Landslide Scars Detection using Remote Sensing and Pattern Recognition Techniques: Comparison Among Artificial Neural Networks, Gaussian Maximum Likelihood, Random Forest, and Support Vector Machine Classifiers
Author(s) -
Tatiana Dias Tardelli Uehara,
Sabrina Paes Leme Passos Corrêa,
Renata Pacheco Quevedo,
Thales Sehn Körting,
Luciano Vieira Dutra,
Camilo Daleles Rennó
Publication year - 2020
Publication title -
rbc. revista brasileira de cartografia/revista brasileira de cartografia
Language(s) - English
Resource type - Journals
eISSN - 1808-0936
pISSN - 0560-4613
DOI - 10.14393/rbcv72n4-54037
Subject(s) - support vector machine , random forest , landslide , artificial intelligence , computer science , pattern recognition (psychology) , artificial neural network , digital elevation model , remote sensing , feature selection , vegetation (pathology) , geology , geomorphology , medicine , pathology
Landslide inventory is an essential tool to support disaster risk mitigation. The inventory is usually obtained via conventional methods, as visual interpretation of remote sensing images, or semi-automatic methods, through pattern recognition.
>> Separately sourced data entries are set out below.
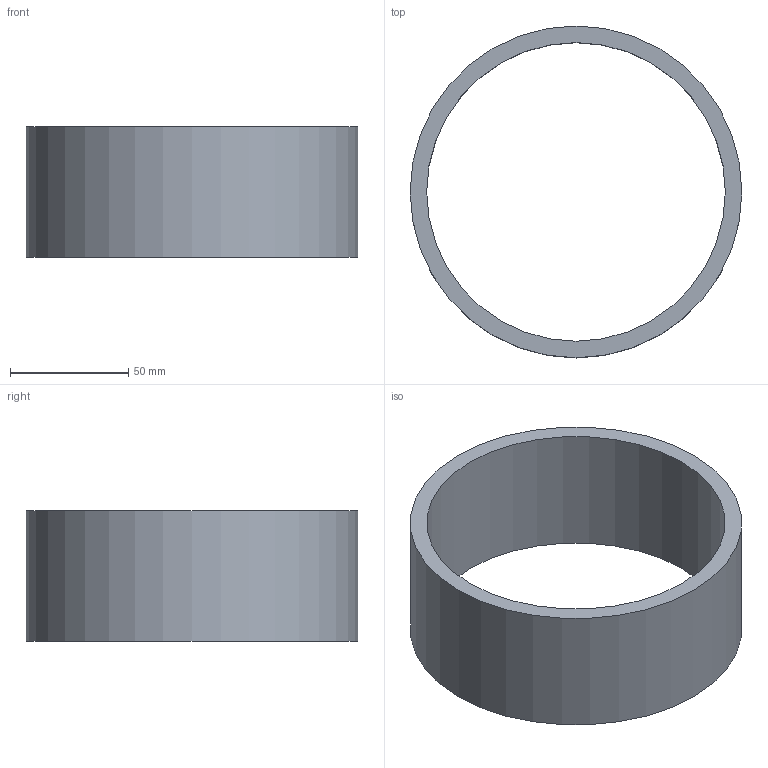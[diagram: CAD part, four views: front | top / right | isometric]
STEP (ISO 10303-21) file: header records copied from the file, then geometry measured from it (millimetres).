
FILE_DESCRIPTION((''),'2;1');
FILE_NAME('SLR125.stp','2014-01-30T00:17:49',(''),(''),'Autodesk Inventor 2013','Autodesk Inventor 2013','');
FILE_SCHEMA(('AUTOMOTIVE_DESIGN { 1 0 10303 214 1 1 1 1 }'));
Length unit declared in the file: millimetre
Products named in the file (1): SL
Bounding box: 140 x 140 x 55 mm (x, y, z)
Volume: 160865.3 mm3; surface area: 51811.1 mm2
Topology: 1 solids, 1 shells, 4 faces, 7 edges, 5 vertices
Faces by surface type: cylinder 2, plane 2
Full cylindrical faces by diameter (mm): 126 x1, 140 x1
Entity records: 114 total; most frequent: DIRECTION 18, CARTESIAN_POINT 13, AXIS2_PLACEMENT_3D 9, ORIENTED_EDGE 8, EDGE_LOOP 8, VERTEX_POINT 4, CIRCLE 4, EDGE_CURVE 4
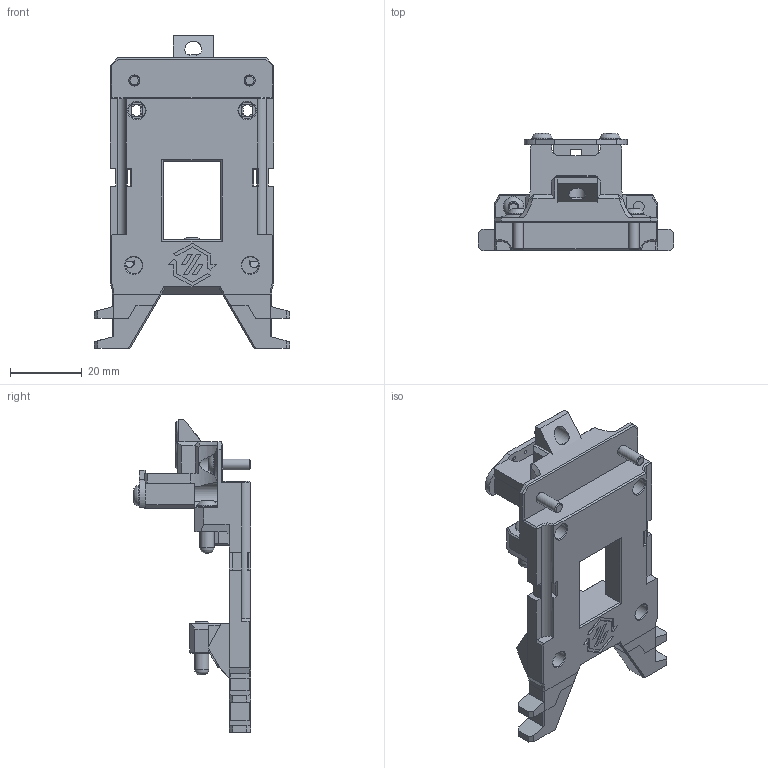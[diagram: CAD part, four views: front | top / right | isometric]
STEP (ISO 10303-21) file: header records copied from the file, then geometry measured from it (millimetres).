
FILE_DESCRIPTION(/* description */ ('','CAx-IF Rec.Pracs.---Representation and Presentation of Product Manufacturing Information (PMI)---4.0---2014-10-13'),/* implementation_level */ '2;1');
FILE_NAME(/* name */ 'Xol.step',/* time_stamp */ '2024-11-27T15:53:44-07:00',/* author */ (''),/* organization */ (''),/* preprocessor_version */ 'ST-DEVELOPER v20',/* originating_system */ 'Autodesk Translation Framework v13.20.0.188',/* authorisation */ '');
FILE_SCHEMA (('AP242_MANAGED_MODEL_BASED_3D_ENGINEERING_MIM_LF { 1 0 10303 442 1 1 4 }'));
Length unit declared in the file: millimetre
Products named in the file (11): Xol SC V1.1R2; Hardware (2); Tap_Sensor; Board; Sensor; M3x6 BHCS (2); M3x6 FHCS (7) (1); M3x6 FHCS (7) (1) (1); Pins 4x12 Rounded; M3x10 BHCS; Backplate
Assembly tree (16 placements, depth 4):
  Xol SC V1.1R2
    Hardware (2)
      Pins 4x12 Rounded  x3
      Tap_Sensor
        Board
        Sensor
        M3x6 BHCS (2)  x2
      M3x6 FHCS (7) (1)
      M3x6 FHCS (7) (1) (1)
      M3x10 BHCS  x4
    Backplate
Bounding box: 54.63 x 32.73 x 87.46 mm (x, y, z)
Volume: 28667 mm3; surface area: 16729.8 mm2
Topology: 19 solids, 21 shells, 732 faces, 1810 edges, 1154 vertices
Faces by surface type: plane 562, cylinder 87, cone 64, bspline 13, sphere 4, torus 2
Full cylindrical faces by diameter (mm): 0.87 x5, 1 x3, 1.8 x1, 2 x1, 2.8 x4, 3 x12, 3.1 x5, 3.2 x4, 4 x3, 4.7 x8, 5.54 x2, 5.7 x6, 6.1 x1, 6.2 x2
Entity records: 20046 total; most frequent: CARTESIAN_POINT 3875, ORIENTED_EDGE 3308, DIRECTION 3162, EDGE_CURVE 1654, LINE 1348, VECTOR 1348, VERTEX_POINT 1064, AXIS2_PLACEMENT_3D 907

In this study, four classification algorithms are compared to detect landslides scars: Artificial Neural Network (ANN), Maximum Likelihood (ML), Random Forest (RF) and Support Vector Machine (SVM). From Sentinel-2A imagery and SRTM’s Digital Elevation Model (DEM), vegetation indices and slope features were extracted and selected for two areas at the Rolante River Catchment, in Brazil. The classification products showed that the ML and the RF presented superior results with OA values above 92% for both study areas. These best accuracy’s results were identified in classifications using all attributes as input, so without previous feature selection.